Re: scheduler problems in -next (was: Re: [PATCH 6.4 000/227] 6.4.7-rc1 review)

From: Roy Hopkins
Date: Mon Jul 31 2023 - 12:31:12 EST


On Mon, 2023-07-31 at 18:14 +0200, Peter Zijlstra wrote:
> Ha!, I was poking around the same thing. My hack below seems to (so far,
> <20 boots) help things.
>
>
> diff --git a/kernel/rcu/tasks.h b/kernel/rcu/tasks.h
> index 56c470a489c8..b083b5a30025 100644
> --- a/kernel/rcu/tasks.h
> +++ b/kernel/rcu/tasks.h
> @@ -652,7 +658,11 @@ static void __init rcu_spawn_tasks_kthread_generic(struct rcu_tasks *rtp)
>         t = kthread_run(rcu_tasks_kthread, rtp, "%s_kthread", rtp->kname);
>         if (WARN_ONCE(IS_ERR(t), "%s: Could not start %s grace-period kthread, OOM is now expected behavior\n", __func__, rtp->name))
>                 return;
> -       smp_mb(); /* Ensure others see full kthread. */
> +       for (;;) {
> +               cond_resched();
> +               if (smp_load_acquire(&rtp->kthread_ptr))
> +                       break;
> +       }
>  }
>  
>  #ifndef CONFIG_TINY_RCU

FWIW, here's my hack which seems to fix it.

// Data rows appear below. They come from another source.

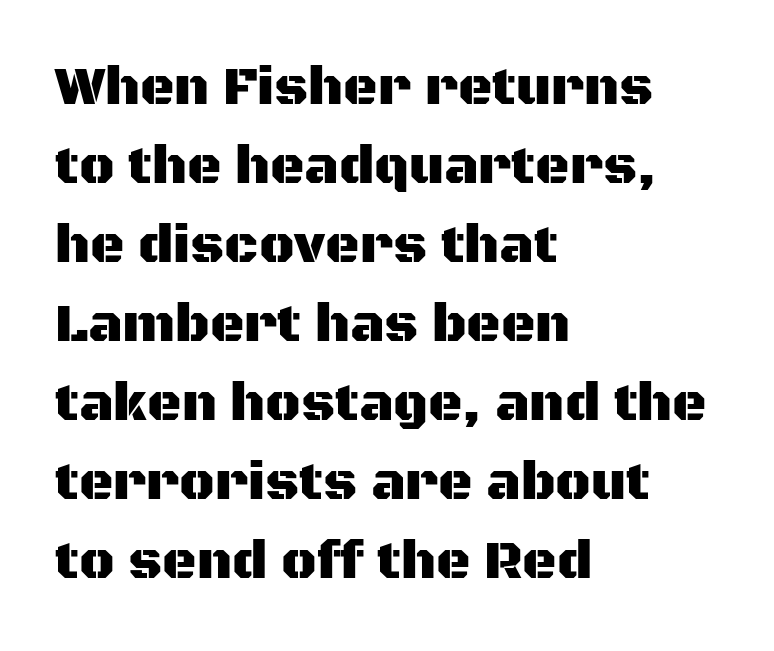
Q: Is the text italic (slanted)? A: No, it is upright.
Q: Is the typeface a serif or a sans-serif typeface? A: Sans-serif.
Q: Is the text underlined? A: No.
Q: How is the paragraph aligned? A: Left-aligned.
Q: Is the spacing between letters normal or unusually wide? A: Normal.
Q: Is the spacing between lines tight, normal or loose? A: Normal.
Q: Width (condensed, normal, or wide)? A: Normal.
Q: Stroke contrast? A: Medium.
Q: x-height? A: Large.
Q: Monospaced? A: No.
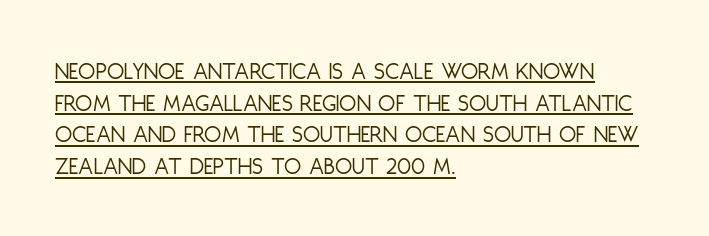
The axis of the letterforms is exactly vertical. A student would call this left alignment; a typographer would say flush left, rag right. Think standard paragraph weight, or any step lighter than that. The passage shown is underscored from start to finish. Default kerning and tracking; the words read as compact shapes.
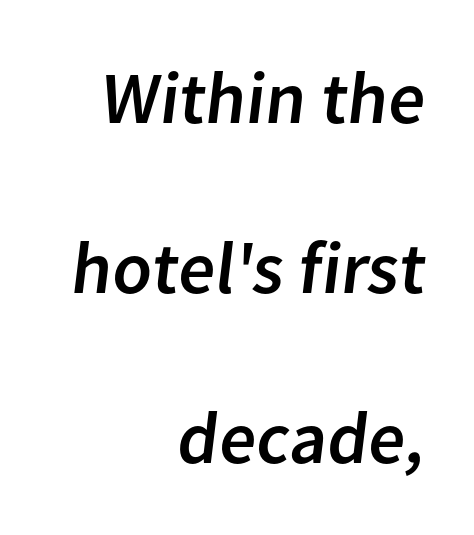
{"serif": "no", "width": "normal", "stroke_contrast": "low", "x_height": "medium", "monospaced": "no", "underline": "no", "align": "right", "line_spacing": "loose", "line_spacing_ratio": 2.33, "letter_spacing": "normal", "letter_spacing_em": 0.0, "glyph_px": 73}
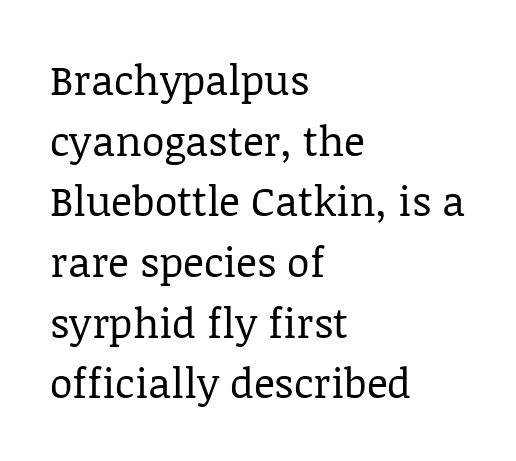
Beneath every word, the page is bare. A quiet, ordinary-to-light weight characterises the typeface. A typesetter would call this zero additional tracking. Typeset ragged right — the left edge is the straight one.
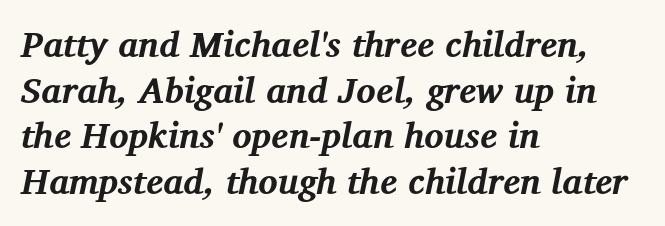
Check where the strokes stop: tiny serifs finish them off. This rendering uses left alignment, leaving the right contour irregular. Does the weight exceed regular? Yes, all the way to bold. Italic? Definitely — the glyphs are oblique.
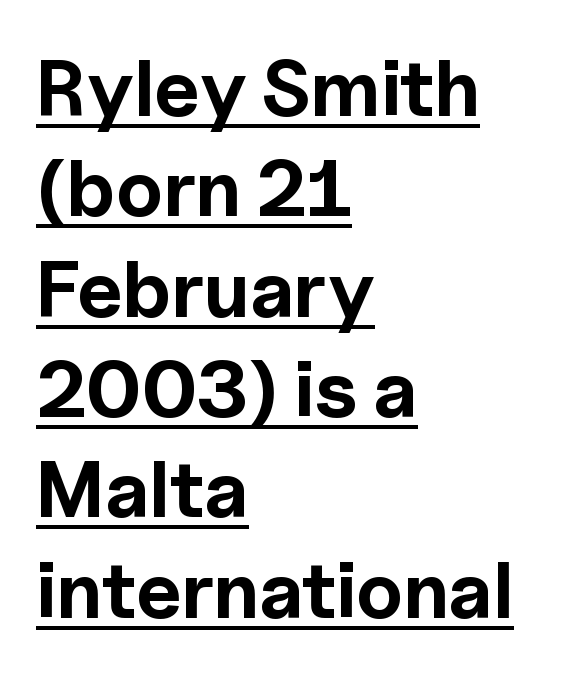
Q: Is the text bold? A: Yes.
Q: Is the text italic (slanted)? A: No, it is upright.
Q: Is the typeface a serif or a sans-serif typeface? A: Sans-serif.
Q: Is the text underlined? A: Yes.
Q: How is the paragraph aligned? A: Left-aligned.
Q: Is the spacing between letters normal or unusually wide? A: Normal.
Q: Is the spacing between lines tight, normal or loose? A: Normal.
Q: Width (condensed, normal, or wide)? A: Normal.
Q: x-height? A: Medium.
Q: Monospaced? A: No.
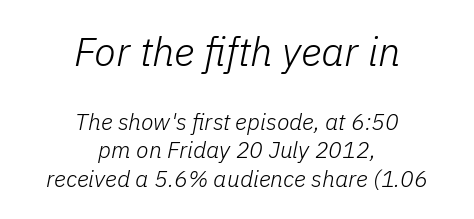
Tall strokes in this sample are angled rather than plumb. In CSS terms this would be text-align: center. Reading top to bottom, the characters get smaller at the block break. A quiet, ordinary-to-light weight characterises the typeface. These lines are rendered in a variable-pitch font. Decoration check: the copy has no underline.
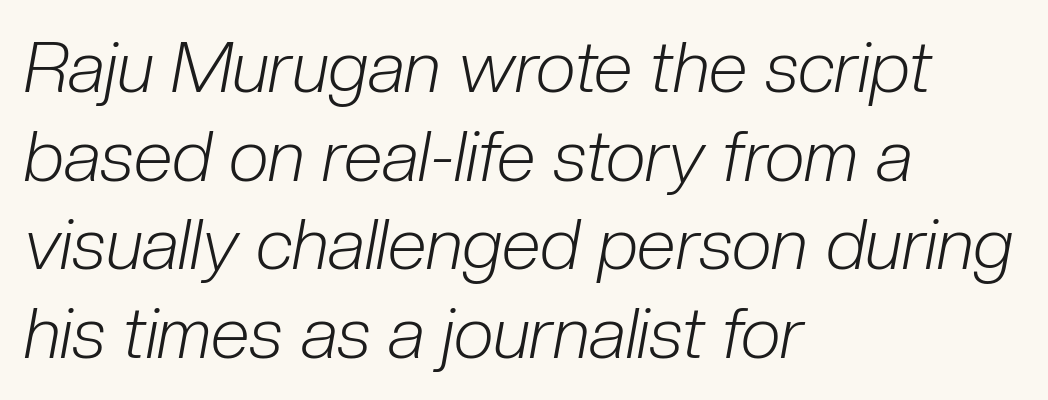
The image shows 71 px light, condensed type, italic (leaning right); set left-aligned, normal line spacing (1.25x), normal letter spacing, not underlined; low stroke contrast and a medium x-height.
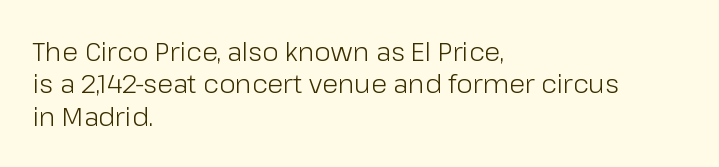
The image shows 26 px text type, upright; set left-aligned, normal line spacing (1.25x), normal letter spacing, not underlined.
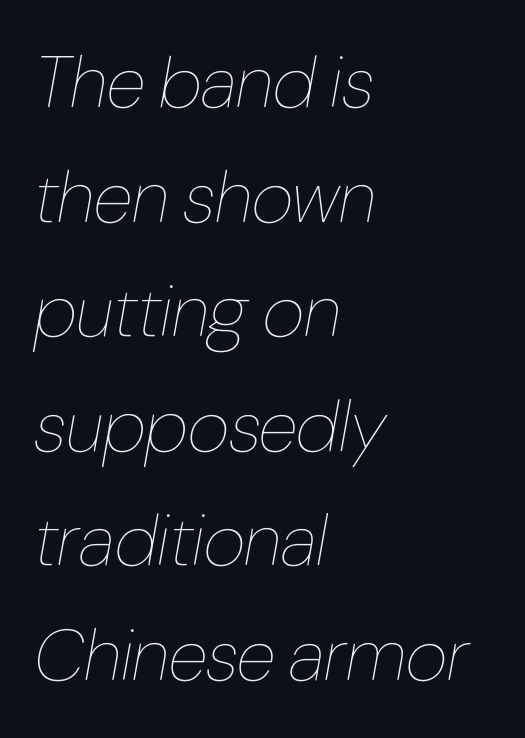
Q: Is the text bold? A: No.
Q: Is the text italic (slanted)? A: Yes, it leans right by about 10 degrees.
Q: Is the text underlined? A: No.
Q: How is the paragraph aligned? A: Left-aligned.
Q: Is the spacing between letters normal or unusually wide? A: Normal.
Q: Is the spacing between lines tight, normal or loose? A: Normal.
Q: Width (condensed, normal, or wide)? A: Condensed.
Q: Stroke contrast? A: Low.
Q: x-height? A: Medium.
Q: Monospaced? A: No.
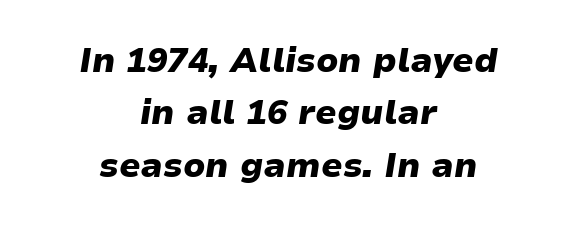
Q: Is the text bold? A: Yes.
Q: Is the text italic (slanted)? A: Yes, it leans right by about 9 degrees.
Q: Is the text underlined? A: No.
Q: How is the paragraph aligned? A: Centered.
Q: Is the spacing between letters normal or unusually wide? A: Normal.
Q: Is the spacing between lines tight, normal or loose? A: Normal.
Q: Width (condensed, normal, or wide)? A: Wide.
Q: Stroke contrast? A: Low.
Q: x-height? A: Medium.
Q: Monospaced? A: No.
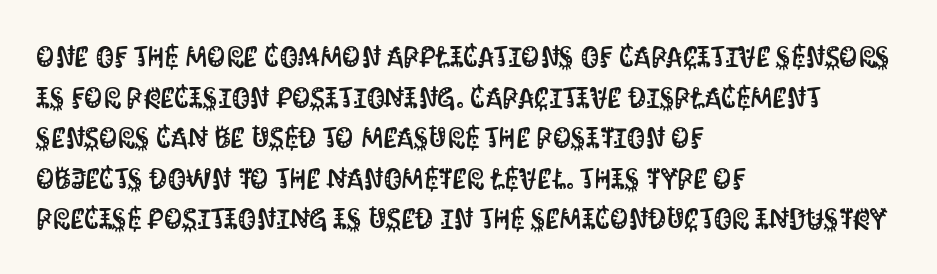
The image shows 29 px condensed sans-serif type, upright; set left-aligned, normal line spacing (1.4x), normal letter spacing, not underlined; medium stroke contrast and a large x-height.
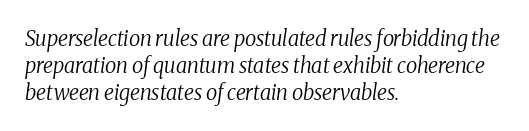
Q: Is the text bold? A: No.
Q: Is the text italic (slanted)? A: Yes, it leans right by about 8 degrees.
Q: Is the text underlined? A: No.
Q: How is the paragraph aligned? A: Left-aligned.
Q: Is the spacing between letters normal or unusually wide? A: Normal.
Q: Is the spacing between lines tight, normal or loose? A: Normal.
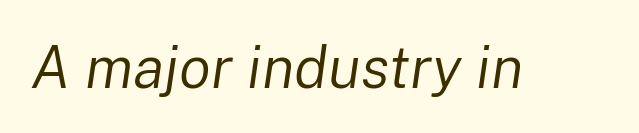
{"italic": "yes", "lean": "right", "slant_degrees": 8, "bold": "no", "weight": "regular", "width": "normal", "stroke_contrast": "low", "x_height": "medium", "monospaced": "no", "underline": "no", "letter_spacing": "normal", "letter_spacing_em": 0.0, "glyph_px": 59}
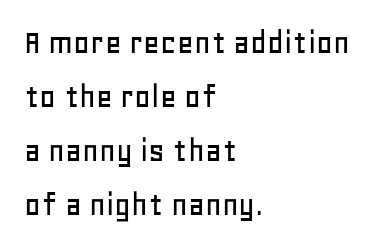
The image shows 36 px sans-serif type, upright; set left-aligned, normal line spacing (1.5x), normal letter spacing, not underlined; low stroke contrast and a large x-height.
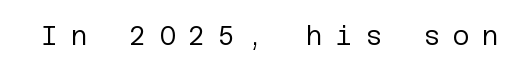
Q: Is the text bold? A: No.
Q: Is the text italic (slanted)? A: No, it is upright.
Q: Is the text underlined? A: No.
Q: Is the spacing between letters normal or unusually wide? A: Unusually wide.
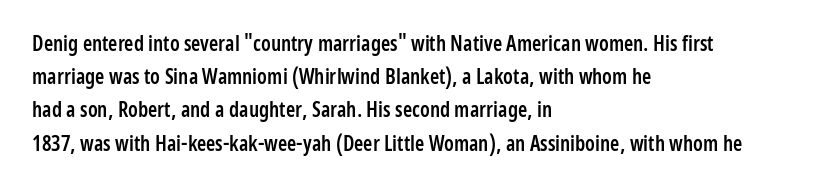
The image shows 21 px text type, upright; set left-aligned, normal line spacing (1.58x), normal letter spacing, not underlined.
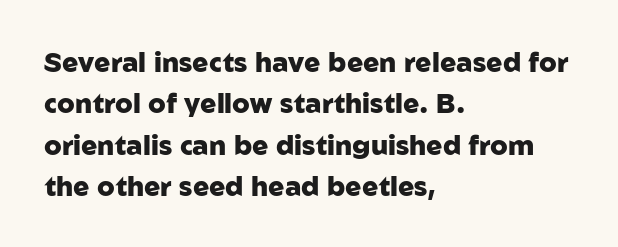
{"italic": "no", "bold": "yes", "underline": "no", "align": "left", "line_spacing": "normal", "line_spacing_ratio": 1.53, "letter_spacing": "normal", "letter_spacing_em": 0.0, "glyph_px": 27}

diff --git a/kernel/rcu/tasks.h b/kernel/rcu/tasks.h
index 9b9ce09f8f35..2e76fbfff9c6 100644
--- a/kernel/rcu/tasks.h
+++ b/kernel/rcu/tasks.h
@@ -52,6 +52,7 @@ struct rcu_tasks_percpu {
* @cbs_gbl_lock: Lock protecting callback list.
* @tasks_gp_mutex: Mutex protecting grace period, needed during mid-boot dead zone.
* @kthread_ptr: This flavor's grace-period/callback-invocation kthread.
+ * @kthread_started: Flag that indicates whether kthread has been launched.
* @gp_func: This flavor's grace-period-wait function.
* @gp_state: Grace period's most recent state transition (debugging).
* @gp_sleep: Per-grace-period sleep to prevent CPU-bound looping.
@@ -92,6 +93,7 @@ struct rcu_tasks {
unsigned long n_ipis;
unsigned long n_ipis_fails;
struct task_struct *kthread_ptr;
+ int kthread_started;
rcu_tasks_gp_func_t gp_func;
pregp_func_t pregp_func;
pertask_func_t pertask_func;
@@ -582,7 +584,7 @@ static void synchronize_rcu_tasks_generic(struct rcu_tasks *rtp)
return;

// If the grace-period kthread is running, use it.
- if (READ_ONCE(rtp->kthread_ptr)) {
+ if (READ_ONCE(rtp->kthread_started)) {
wait_rcu_gp(rtp->call_func);
return;
}
@@ -595,6 +597,7 @@ static void __init rcu_spawn_tasks_kthread_generic(struct rcu_tasks *rtp)
struct task_struct *t;

t = kthread_run(rcu_tasks_kthread, rtp, "%s_kthread", rtp->kname);
+ rtp->kthread_started = 1;
if (WARN_ONCE(IS_ERR(t), "%s: Could not start %s grace-period kthread, OOM is now expected behavior\n", __func__, rtp->name))
return;
smp_mb(); /* Ensure others see full kthread. */